The che sera sera attitude of the old-timer foreigners also seems much the same as it was then. We have got to know quite a few of them: they make money easily and lose it equally fast, shrug their shoulders and start again. They’re always optimistic that they will get out when things are at the top, but often are plunged into disaster too fast to save themselves.

One thing has changed: then there was an immensely powerful President who enforced his rule by capricious arrests and executions. He had the power to make or break people overnight and didn’t hesitate to use it. Today’s President is retiring to the point of being a recluse. He never speaks in public apart from the occasional ceremonial event, and influences affairs by spending money, the only tool he really has.

Be that as it may, the book makes one reflect on the experience of living here. Like Naipaul we have been struck by the friendliness of the people and the magnitude of the problems that they face with apparent insouciance, We’ve also seen our share of silly grand projects (though not quite as grand or silly as some of the Mobutu ones) which either fizzle out in a few weeks or are completed but stand idle, such as a hospital built in Kinshasa to celebrate 50 years of independence that has stood empty for two years. We’ve also witnessed changes in Kinshasa which make it quite different from the dysfunctional place it used to be.

I recall our first visit to the Grand Hotel – previously the Intercontinental – in which there is a little shopping mall. This has several shops selling wildly expensive designer-label clothes and shoes; fancy cell phones; expensive jewellery and the like. We were amazed, delighted and shocked all at once to come across it. Amazed that such a normal place could exist in Kinshasa, delighted to be able to window shop without being hassled, and shocked at the fantastic prices that people were clearly willing and able to pay. Later we got to know the proprietor of one such shop: she goes to Milan once or twice a year to order her stock. She bemoaned the globalisation trend which allows people to travel more easily and thereby avoid her extravagant mark-up, and the meanness of the vast development-aid community who never buy nice clothes. But now those shops, nice as they are, are no longer exceptional.

Likewise, just before the elections in 2011 a new coffee shop was opened which seemed, at the time, an extraordinary achievement. The decor was completely original and well done, the place was clean and decent and the service relatively good. In other words it was, for want of a better word, normal. But in Kinshasa it was something of a thrill, something to brag about, if you had been there and others hadn’t. Now there are several competitors and it’s no longer a place of any interest.

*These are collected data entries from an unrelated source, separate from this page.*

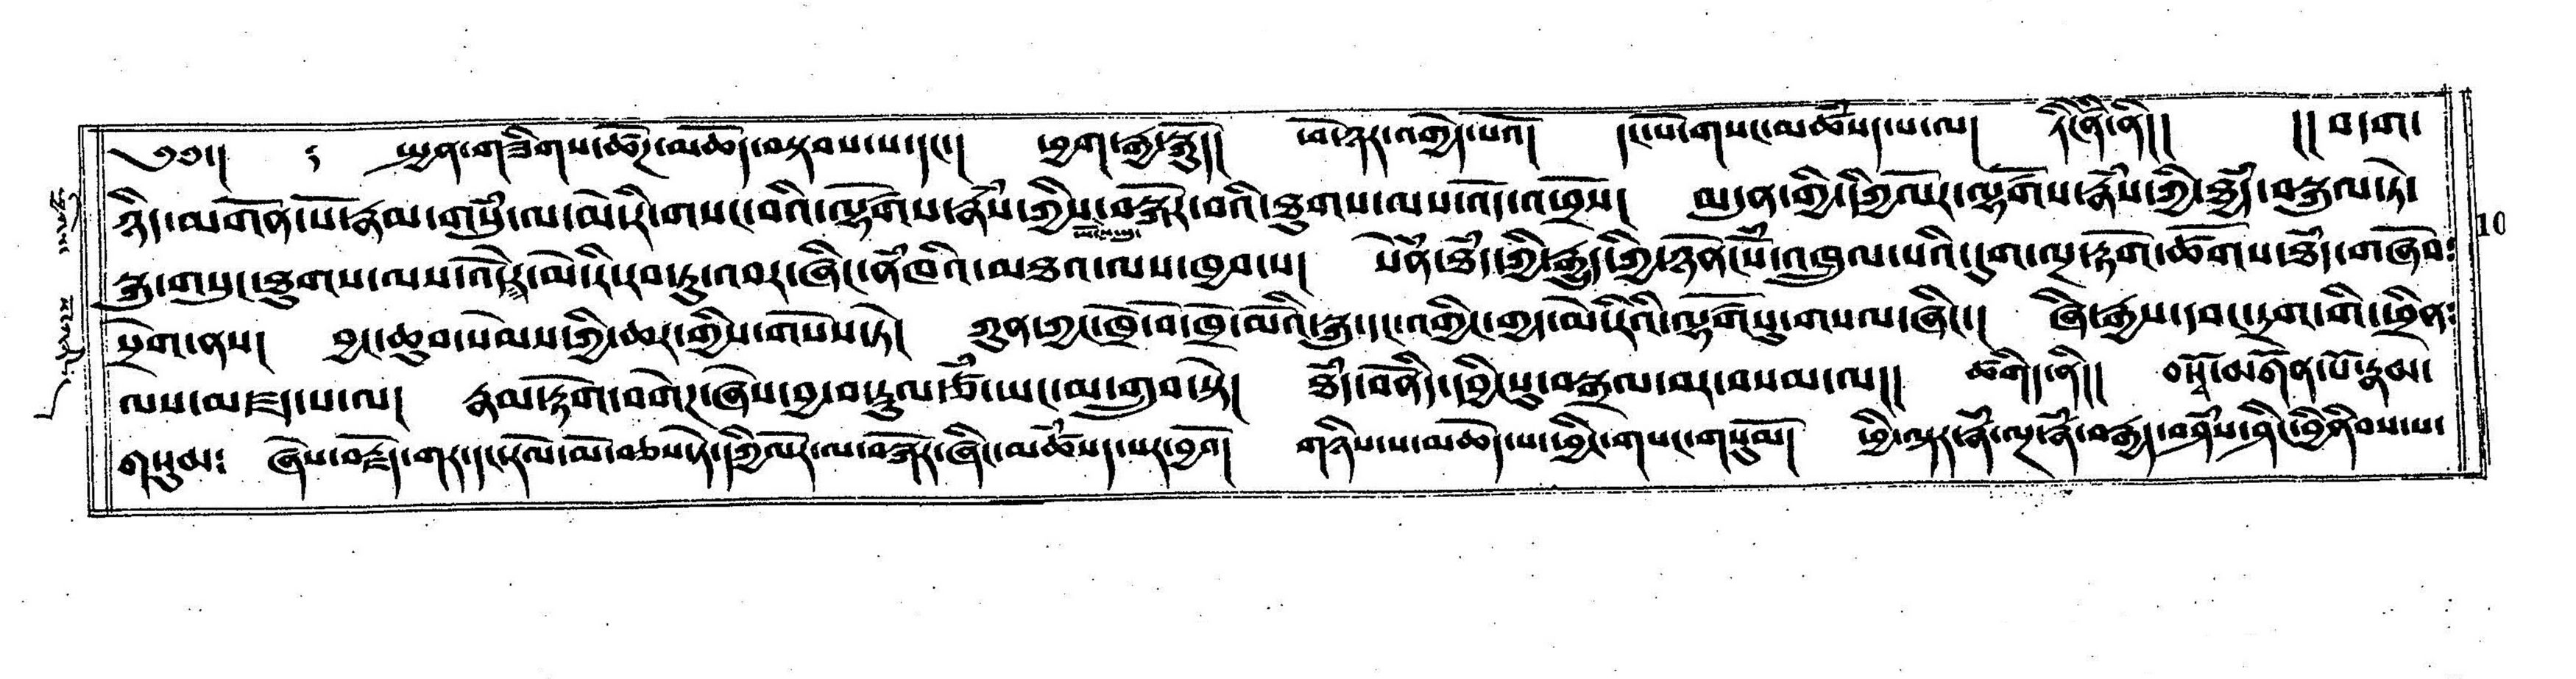སྤྱན་གཟིགས་ཚོགས་མཆོད་བསྟབས་པ་དང་། ཕྱག་རྒྱ་སྐུ་བསྟོད། ཕོ་ཉར་འགྱེད་པའོ། དང་པོ་གསང་མཚམས་བཅད་པ་ལ། ཏིང་ངེ་འཛིན་ནི།། །།བདག་
ཉིད་མགོན་པོ་རྣམ་གསུམ་ལ་མེ་རི་གསང་བའི་ལྷ་ཚོགས་རྣམས་ཀྱིས་ཡོངས་སུ་བསྐོར་བའི་ཐུགས་ལས་འོད་འཕྲོས། མདུན་གྱི་དཀྱིལ་འཁོར་ལྷ་ཚོགས་རྣམས་ཀྱི་ཐུགས་དམ་བསྐུལ་ཏེ། 
སྐུ་གསུང་ཐུགས་ལས་འོད་ཟེར་མེ་རི་རབ་ཏུ་འབར་ཞིང་ནམ་མཁའི་མཐའ་ལས་ཁྱབ་པ། སེམས་ཅན་ཐམས་ཅད་ཀྱི་རྒྱུད་ཀྱི་ཉོན་མོངས་འཁྲུལ་པའི་དུག་ལྔ་རྟོག་ཚོགས་ཐམས་ཅད་གཞོབ་
སྲེག་ནས། བྱང་ཆུབ་སེམས་ཀྱི་ཆར་གྱིས་གསོས་ཏེ། ཀུན་ཀྱང་ཁྲོ་བོ་ཁྲོ་མོའི་སྐུ་དང་འགྱིང་གྱད་མེ་རིའི་ལྷ་ཚོགས་སུ་གསལ་ཞིང་། ཞི་རྒྱས་དབང་དྲག་གི་ཕྲིན་
ལས་མཛད་པ་ལ། རྣམ་རྟོག་བགེགས་ཞེས་བྱ་བ་རྡུལ་ཙམ་ཡང་མ་གྲུབ་སྟེ། ཐམས་ཅད་བོན་ཉིད་དབྱིངས་སུ་བསྒྲལ་བར་བསམ་ལ།། ཚིག་བཤད་ནི།། བསྭོ་མགོན་པོ་རྣམ་
གསུམ༴ ཞེས་བརྗོད་གར་དང་རོལ་མོ་བཅས་ཏེ་དཀྱིལ་འཁོར་ལ་བསྐོར་ཞིང་མཚམས་བཅད་པར་བྱའོ། གཉིས་པ་མཆོད་པ་ཕྱི་ནང་གསང་གསུམ་མོ། ཕྱི་ལྟར་རྣམ་ལྔ་རྣམ་བརྒྱད་བཤམས་ཤིང་བྱིན་གྱིས་བརླབས་པ་

When I first came, finding a stove, mattress and similar basics was like a treasure hunt. Someone kindly helped me, and we drove from pillar to post trying to find something suitable. We went into shops which were the only ones open in a whole block of ghoulish emptiness. Paint was obviously a commodity which no one thought necessary. The streets were potholes in which there were a few islands of tar. Today these same streets are repaired, and are buzzing with activity. Empty shops are a rarity. Buildings are nicely painted.

And the main roads – transformed out of all recognition; the garbage – much reduced; the public spaces in the town, once totally neglected – now replanted and carefully maintained. Once more we have little parks and park benches which people actually use. There are street lights and fountains. At the end of June they are going to introduce another first: a bus service. Already little bus shelters have been erected along the main roads and we’re all waiting to see what the new buses (they say there are 200 of them) will be like.

But behind this striking veneer of progress there lies the hand of a government which has an extraordinary ability to create uncertainty and fear. The war in the East is continuous reminder of what can happen, of the dreadful pillages that took place in Kinshasa in the 1990s, and of the deep divisions and regular wrongs in society that some day will result in dreadful tumult. It reminds us that not only is the government not in control but that there is no justice. The abuses of power which the war in the East represents are repeated daily in the streets of Kinshasa. The victims are rarely the expatriates: most of them are the poor who have neither money nor influence to protect themselves.

For all that we shall miss Kinshasa. The wonderful warm evenings are probably the most special part. Then there is the river. Huge, majestic, a piece of history that makes you rub your eyes and say to yourself “I’m really here: this is the same river Conrad was writing about, the same river that Stanley travelled down, the same river that has seen so many atrocities.” We never tire of seeing the setting sun as we walk the dogs along its banks. And then there is the lake we go to on Sundays, set in a thick, really jungly rain forest. As we walk around it, and the dogs scamper in and out of the water, their whole bodies trembling with sheer delight, we can pretend to be in the real darkest Africa. That’s an illusion that we quickly and gladly forget as we eat the delicious barbecued chicken and chips washed down by cold beer.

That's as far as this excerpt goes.